I read two posts on Stack Overflow, namely Will the cublas kernel functions automatically be synchronized with the host? and CUDA Dynamic Parallelizm; stream synchronization from device and they recommend the use of some synchronization API, e.g., cudaDeviceSynchronize()
after invocations to cuBLAS functions. I'm not sure it makes sense to use such a general purpose function.
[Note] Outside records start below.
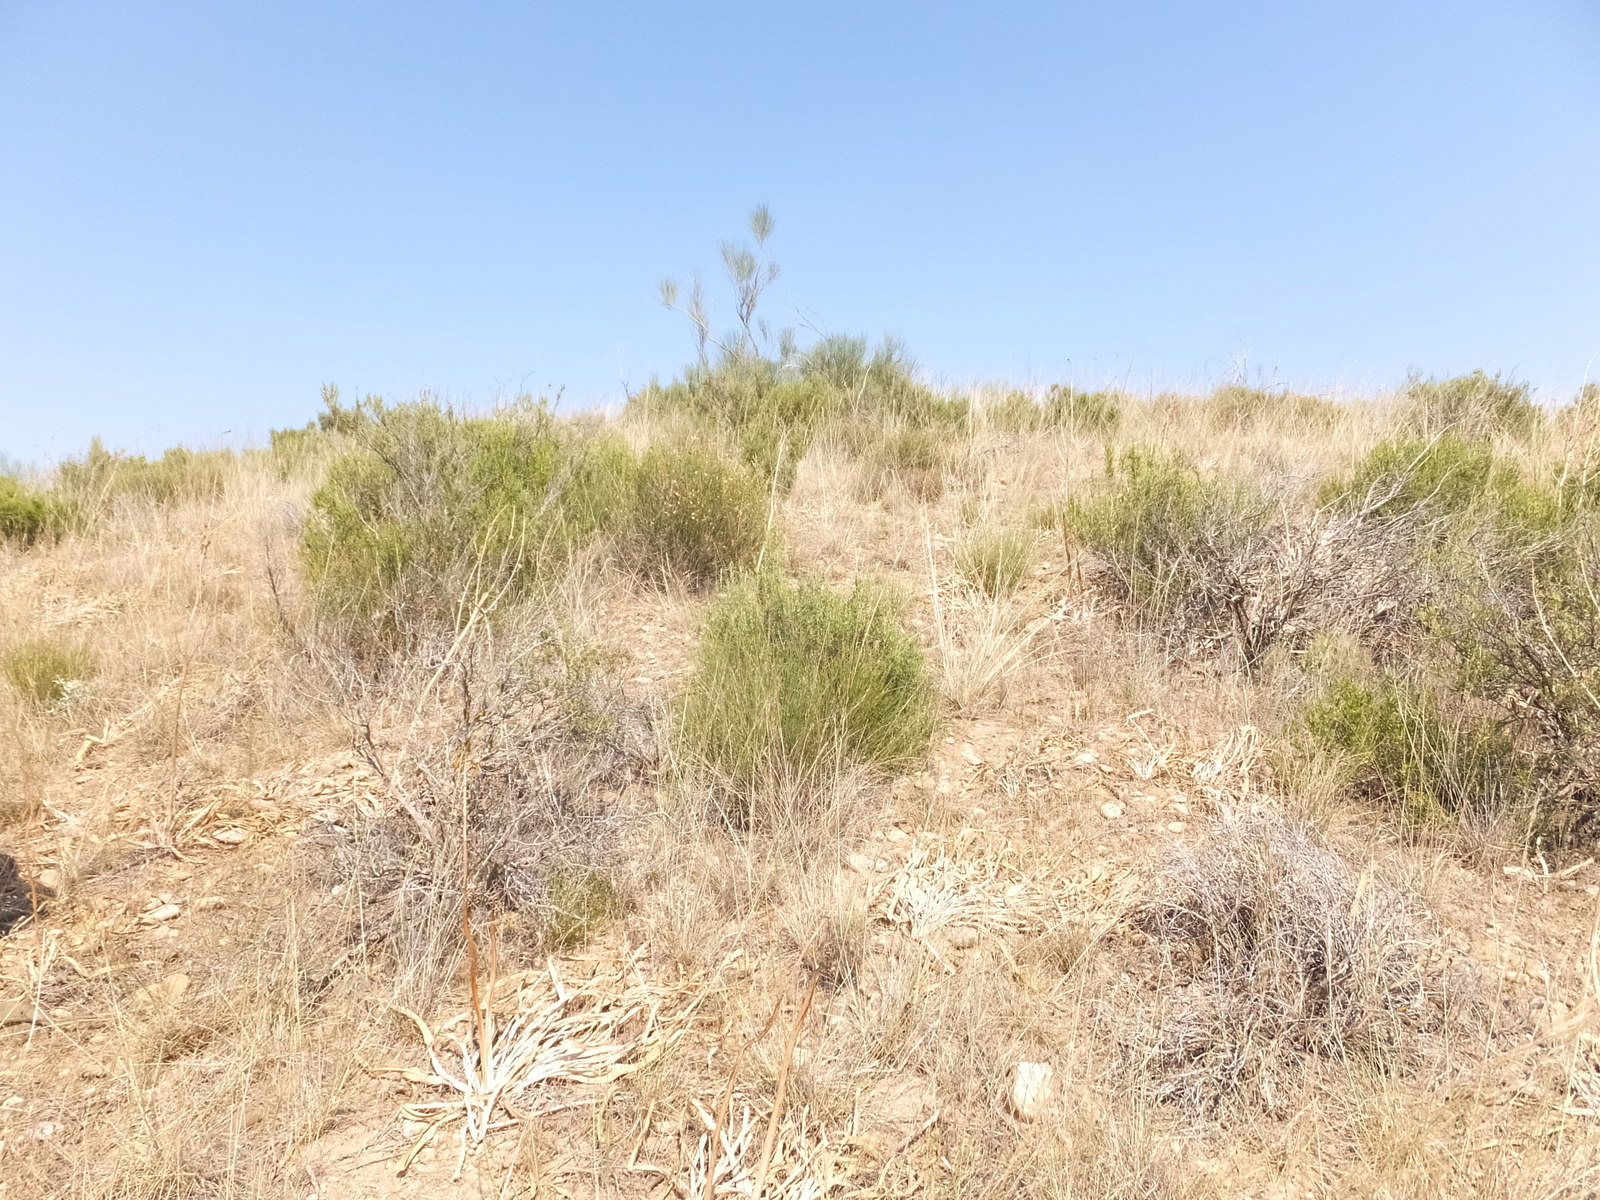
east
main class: Shrubland
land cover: Shrubland with sparse tree cover
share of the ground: 50 - 75 %
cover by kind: shrubs 50 %, herbaceous plants 25 %, consolidated bare surface 20 %, coniferous forest trees 5 %
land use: Semi-natural and natural areas not in use
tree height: < 5 m
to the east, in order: Shrubland with sparse tree cover; Other bare soil
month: June
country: ES
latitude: 41.2494
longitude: -0.1688

Would it be better to do as follows? [Correct me if I'm wrong]:
cublasHandle_t cublas_handle;
cudaStream_t stream;
// Initialize the matrices
CUBLAS_CALL(
cublasDgemm(cublas_handle, CUBLAS_OP_N, CUBLAS_OP_N, M, M,
M, &alpha, d_A, M, d_B, M, &beta, d_C, M));
// cublasDgemm is non-blocking!
cublasGetStream(cublas_handle, &stream);
cudaStreamSynchronize(stream);
// Now it is safe to copy the result (d_C) from the device
// to the host and use it
On the other hand, cudaDeviceSynchronize
can be used preferably if lots of streams/handles were used to perform parallel cuBLAS operations. What are the "best practices" for the synchronization of cuBLAS handles? Can cuBLAS handles be thought of as wrappers around streams, in the sense that they serve the same purpose from the point of view of synchronization?